I remember well how, just after the first mass rally on Chistoprudny Boulevard on December 5, 2011, a meeting was organized between the representatives of virtually every Moscow leftist group in existence. After a stormy debate, and regardless of the differences in ideological traditions and approaches, a majority of the participants agreed about the following: 1) the incipient protest was ours, and we would participate in it, and 2) understanding full well its political and social heterogeneity, we would fight for our place in it. This was the necessary minimum amount of political unity, the result of which was the systematic presence of the radical left in the protest movement, and, most importantly, the movement’s participants’ perception of leftists as an organic part. The movement’s emerging “red pole” clearly contrasted itself with the conservative approach of the Communist Party, which was actually working for the restoration of the lost stability of the political “managed democracy” machine.
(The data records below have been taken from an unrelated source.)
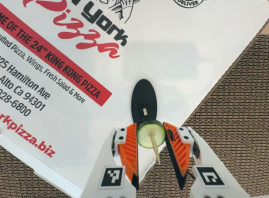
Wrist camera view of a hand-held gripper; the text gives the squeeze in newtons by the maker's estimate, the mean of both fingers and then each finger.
{"total": 9.0, "left": 9.2, "right": 8.8}
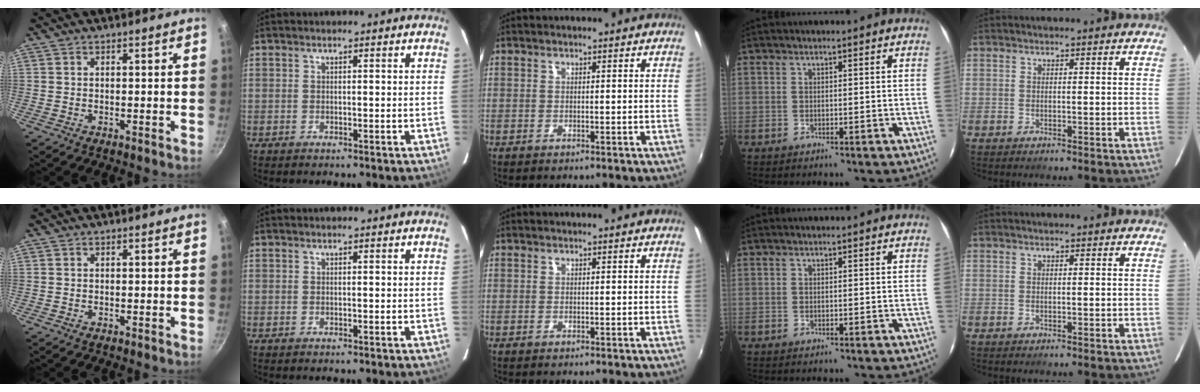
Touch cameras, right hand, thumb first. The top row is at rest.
{}
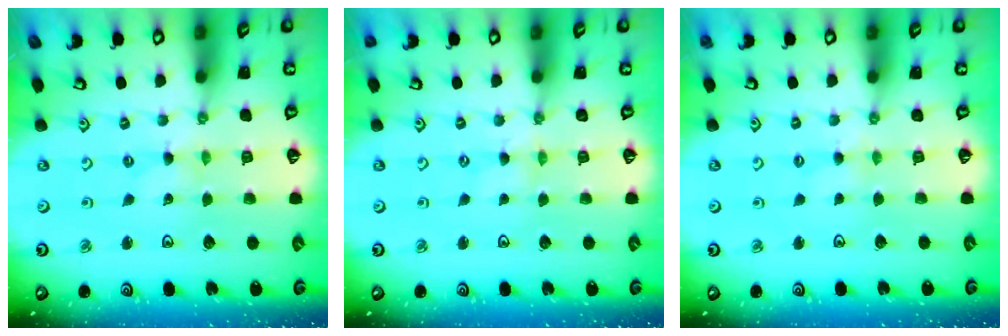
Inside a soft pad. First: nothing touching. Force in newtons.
{"total": 0.0}
{"total": 1.8, "press": 1.8, "slide": 0.4}
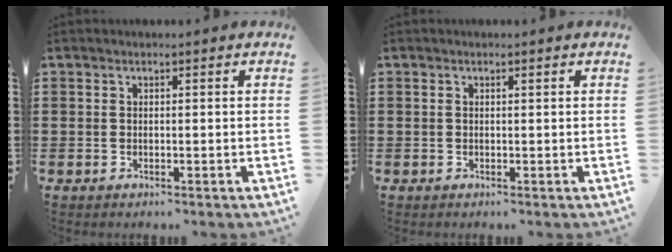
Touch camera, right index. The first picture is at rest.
{"total": 0.5, "force": [0.2, 0.1, 0.5], "torque": [-0.010, 0.000, 0.003]}
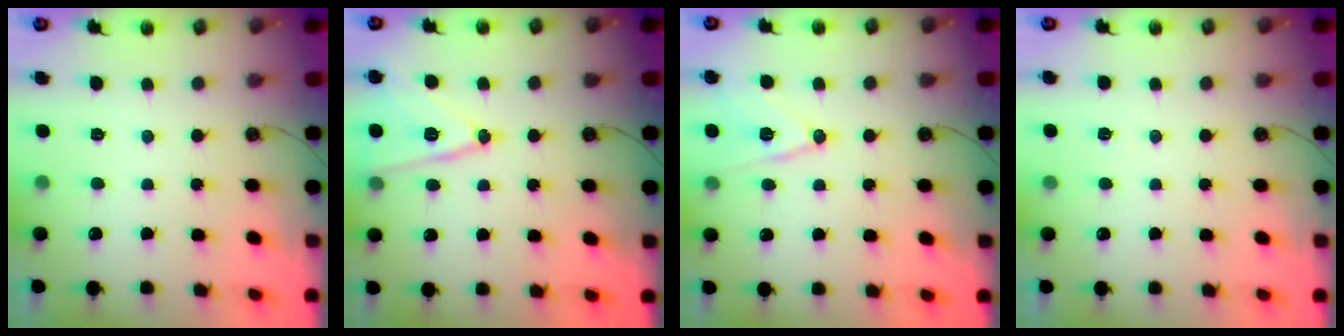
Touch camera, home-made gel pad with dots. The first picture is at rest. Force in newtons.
{"total": 12.6, "press": 12.1, "slide": 3.3}
{"total": 10.8, "press": 10.3, "slide": 3.3}
{"total": 4.6, "press": 1.3, "slide": 4.4}
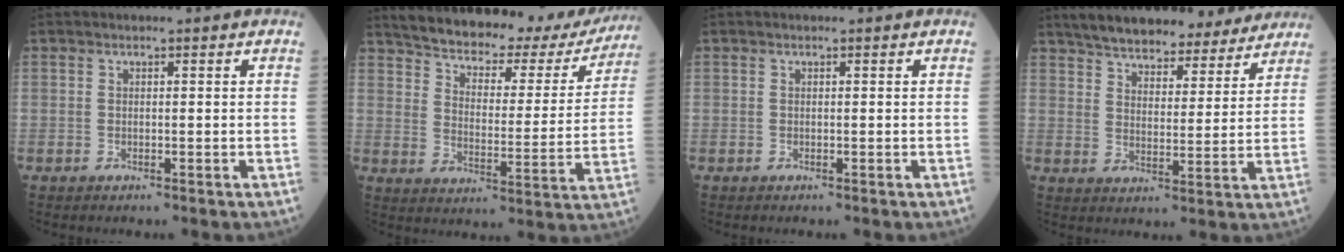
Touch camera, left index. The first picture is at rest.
{"total": 23.6, "force": [20.7, 7.4, 8.5], "torque": [-0.126, -0.008, 0.263]}
{"total": 0.0}
{"total": 19.2, "force": [17.0, 5.3, 7.2], "torque": [-0.107, 0.014, 0.236]}
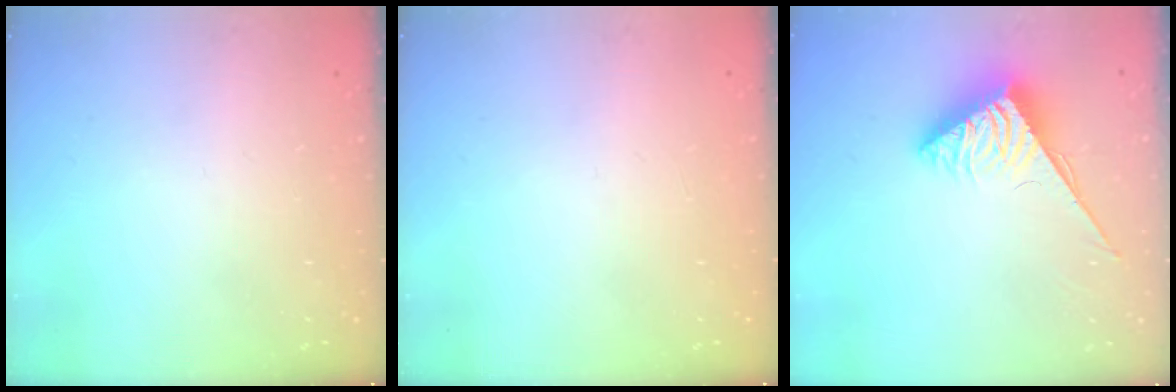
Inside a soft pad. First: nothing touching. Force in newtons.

As far as I know, nothing of the kind happened in December 2013 in Kiev. Ukraine’s radical leftists embraced the nascent protests only skeptically, resigning themselves to strictly passive or peripheral roles. Those who decided to support the movement and to participate in it did so only individually, without coordination. Meanwhile, ultra-right groups could boast the best potential in terms of personnel – even better than that of their Russian colleagues – and as such the best opportunities from the very beginning. They systematically forced small groups of left-wing demonstrators out of the fray. What would have happened if, from the very beginning, gathering all its available forces (I think this could be several hundred people), the radical left had consistently asserted its right to be on Maidan and openly promote its position? It is likely that, if faced with such an organized mass leftist presence, the right would have abstained from open conflict due, ultimately, to the threat of a negative impact on its public image among the majority of non-partisan protesters.

Staking out space for a Left Sector would be crucial not only for the current moment, and not only for the search for supporters among the hundreds of thousands of protesters. It would allow for the construction of radical left forces in the post-revolutionary situation – which will probably be in the near future – when, finally, the Communist Part of Ukraine (KPU) puts a close to its ignominious existence. The current demand for a ban on the KPU (along with the Russian-speaking Party of Regions) – the protestors’ call for which is growing louder all the time – is connected not only with the anti-Communist tradition, but just as much with the KPU’s political program, which has linked its fate inextricably with the oligarchic clans and the reactionary pro-Russian lobby. From the very beginning of the crisis, the KPU unequivocally opposed the protest movement, calling on police to exact reprisals and, of course, supporting the “January 16 laws” unconditionally. Meanwhile a Left Sector, representing itself from the start as a part of the protest movement, could have rightfully challenged the accepted conflation of socialist alternatives in Ukraine with the bastard party of Petr Simonenko. A Left Sector could not only have been strengthened the movement from the inside, but could have also offered it an agenda, developed its radical-democratic vector, and supported and given a conscious political dimension to the creation of the “people’s councils” in the occupied regional administrations.

Alas, today, much is lost. The forces of stability, obviously, will prevail, and Ukraine will return to the shaky model of oligarchic consensus of competing clans and electoral parties. At the same time, nothing will be the same: having destroyed the fear of government force, the taste for resistance will remain in the flesh and blood of a politically active generation along with the experience of building barricades on Maidan. And this means that, more likely than not, history will provide Ukraine’s radical left with at least a few more chances to learn from its mistakes.